We watched one more story problem involving the product 16 and we discussed how the doubles function.
I reviewed again:
1. When we are asked to simply list factor pairs or factors we do not include the commutative pair?
2. If we are talking about how many different ways we can group something, we use factor pairs to help us and include the commutative pairs. There is a distinct difference in what we are considering.
I told them that we would study this more deeply later when we solve multiplication word problems and that they needed to keep their notes handy for recall.
* If the Learnzillion resource wants you to register, just click on the "I am a student tab" to view the video.
I told my students that we needed to finish up the factor pair cards from our lesson yesterday.
They set to work quite quickly by partnering up with their buddies from yesterday until all of them were finished and then hung on the wall. The lesson from yesterday will need to be finished up the next day depending on how students work together and the speed in which they find their factor pairs.
Some students finished their factor pair cards sooner than others, so I decided to show each pair of students who were ready this handy factor pair calculator. This Factor Pair Calculator is great, but does not list the factor pairs in the manner we list them. It simply lists it as factors, which I had to explain in my instruction. But it is a really cool tool to use because it serves as a support tool after students use the strategies they have learned to check their accuracy. It is showing the use of Math Practice 5 because they use it after the thinking and listing process as a support tool.
The standard says that they must be able to list factor pairs to 100 and so the task is a bit more complicated as the numbers progress. I told each pair of students that they needed to list Factor Pairs in notebooks as they had in their lesson from the day before, but that they would be starting with 51 and moving forward.
I intended for them to just practice in today's lesson and that they could use this calculator to check, but they must use their divisibility rules that they had learned, arrays, and/or the listing strategy I had taught them. ( 1x51, 2x? 3x17, etc.) . As each group finished, soon all were playing with the calculator and working on listing factor pairs in their notebooks.
In the future, I use this strategy and lesson in warm ups of other lessons as it needs to be continually practiced toward mastery of this standard.
What did you notice?
I stopped my students after about 10 minutes. I had planned for them to practice longer, but the factor pair cards take longer to do than you think if some students are weak in their facts or have trouble figuring out the missing factor. That's what happened today.

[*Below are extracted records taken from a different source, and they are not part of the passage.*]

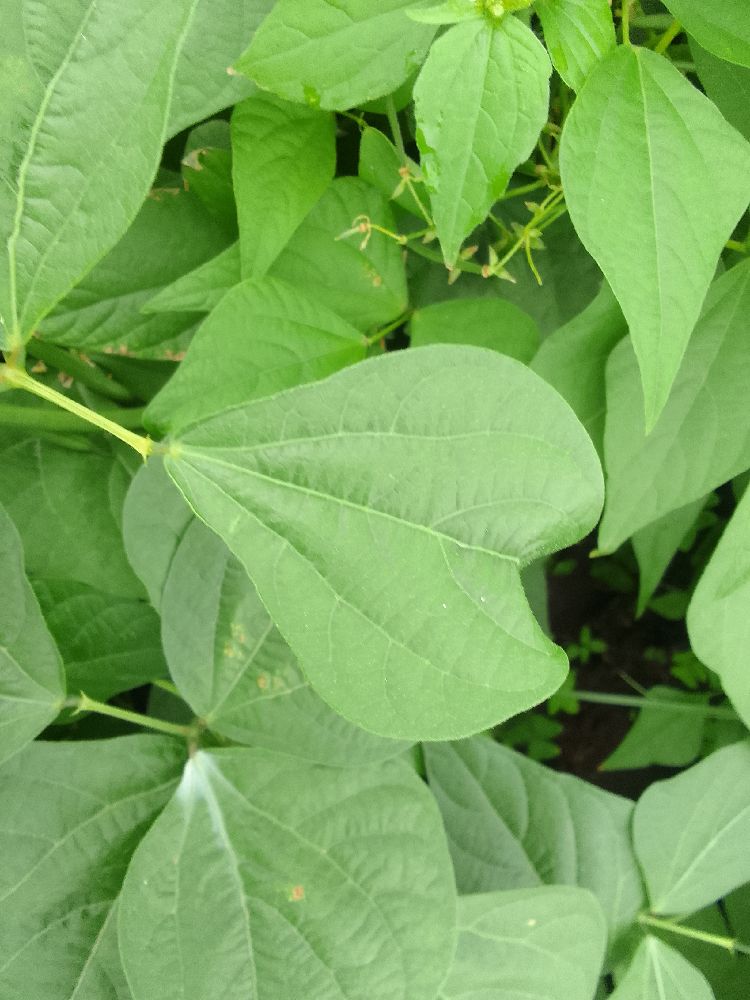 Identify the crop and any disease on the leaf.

common bean, healthy
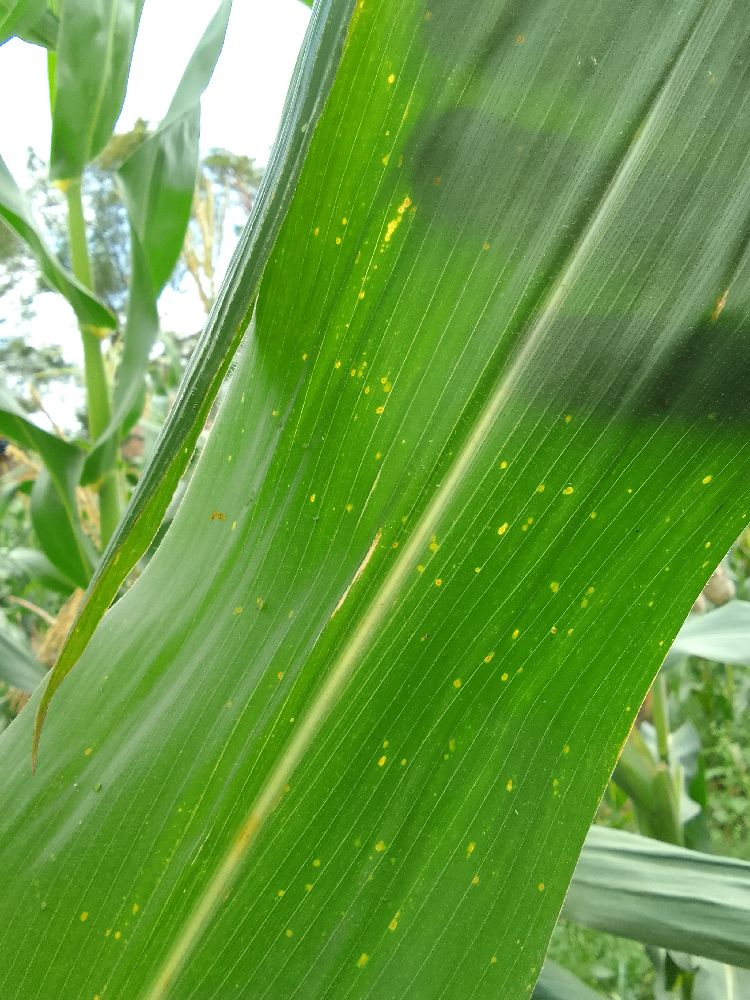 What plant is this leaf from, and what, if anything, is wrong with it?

maize, healthy
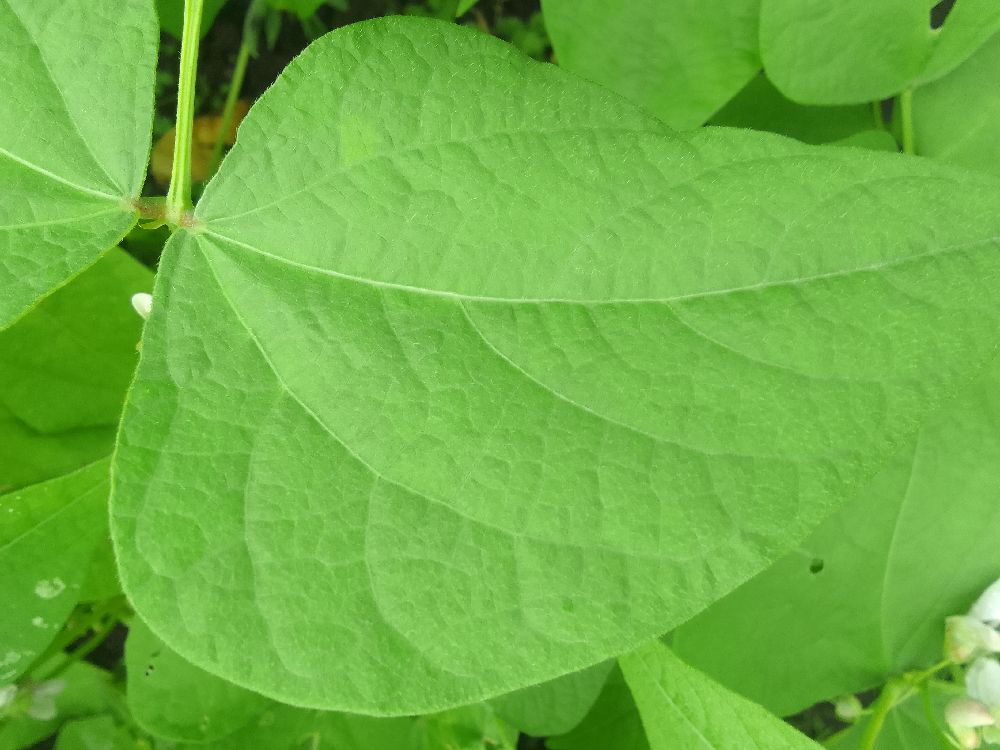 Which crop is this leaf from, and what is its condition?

common bean, healthy
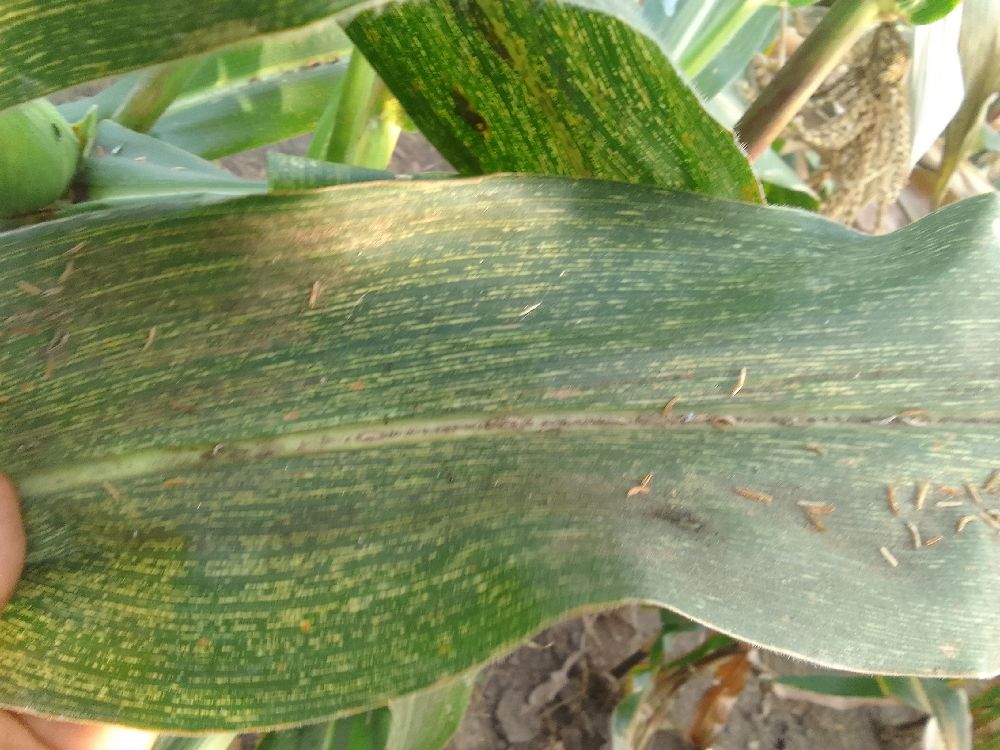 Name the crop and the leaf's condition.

I asked them: What did you notice? Was there anything different about these factor pairs that are greater than fifty?
One student noticed that there were prime numbers, but she thought 51 would be prime, so the calculator surprised her when it showed the factors! Another student noticed that aren't more factor pairs just because the number increases. Another student said that she thought is was more fun than she expected.

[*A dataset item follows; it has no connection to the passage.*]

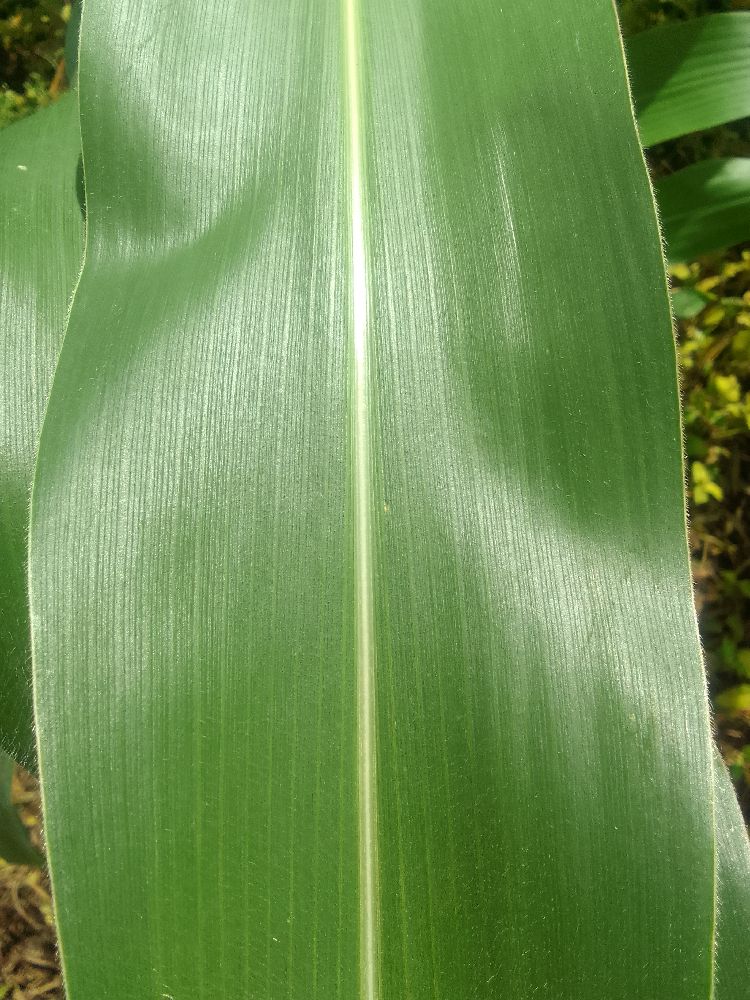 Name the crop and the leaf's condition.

maize, healthy
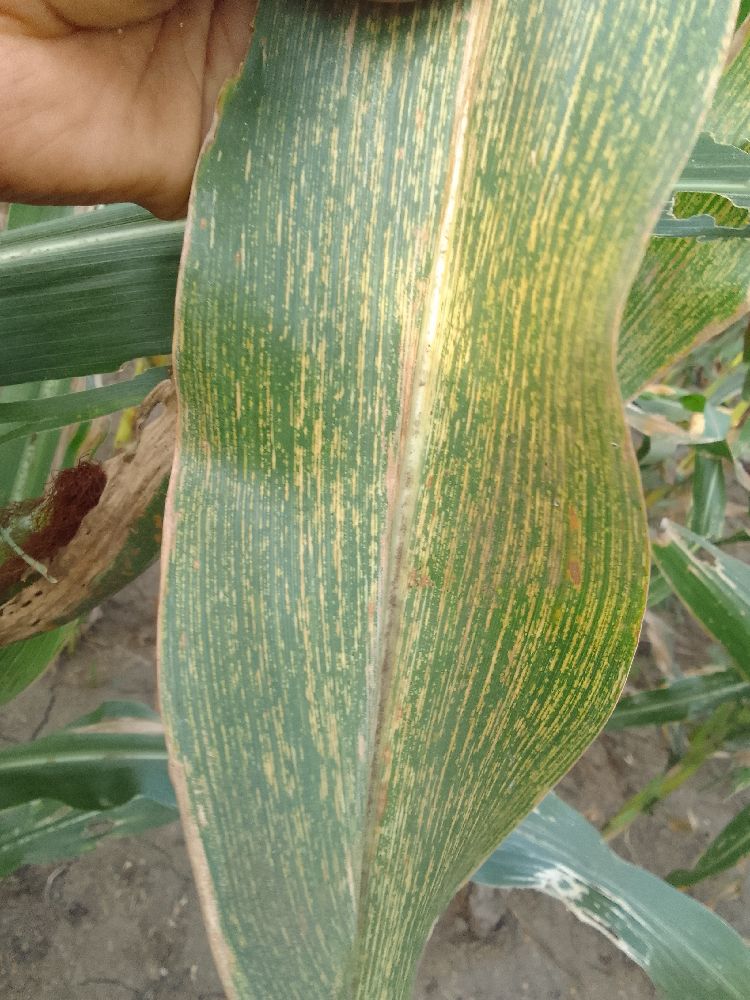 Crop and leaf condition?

maize, maize streak virus

These remarks show the type of thinking that Common Core demands. Math Practice Standard 8 expects us to teach students to look for that repeated reasoning. This exercise supports most of the Math Practice Standards in general, but I think that looking for that repeated reasoning of using divisibility and logic for the missing factor is really stressed here. It gets them to think about comparison on a higher level now, and not just memorizing math facts by rote. The factor pair calculator serves as a check for them as they strive for accuracy. I noticed that they are thrilled when they discover they have found all of the factor pairs using just their strategies. They are enjoying that the calculator affirms they are absolutely right rather than they are wrong or forgetting some of the factor pairs.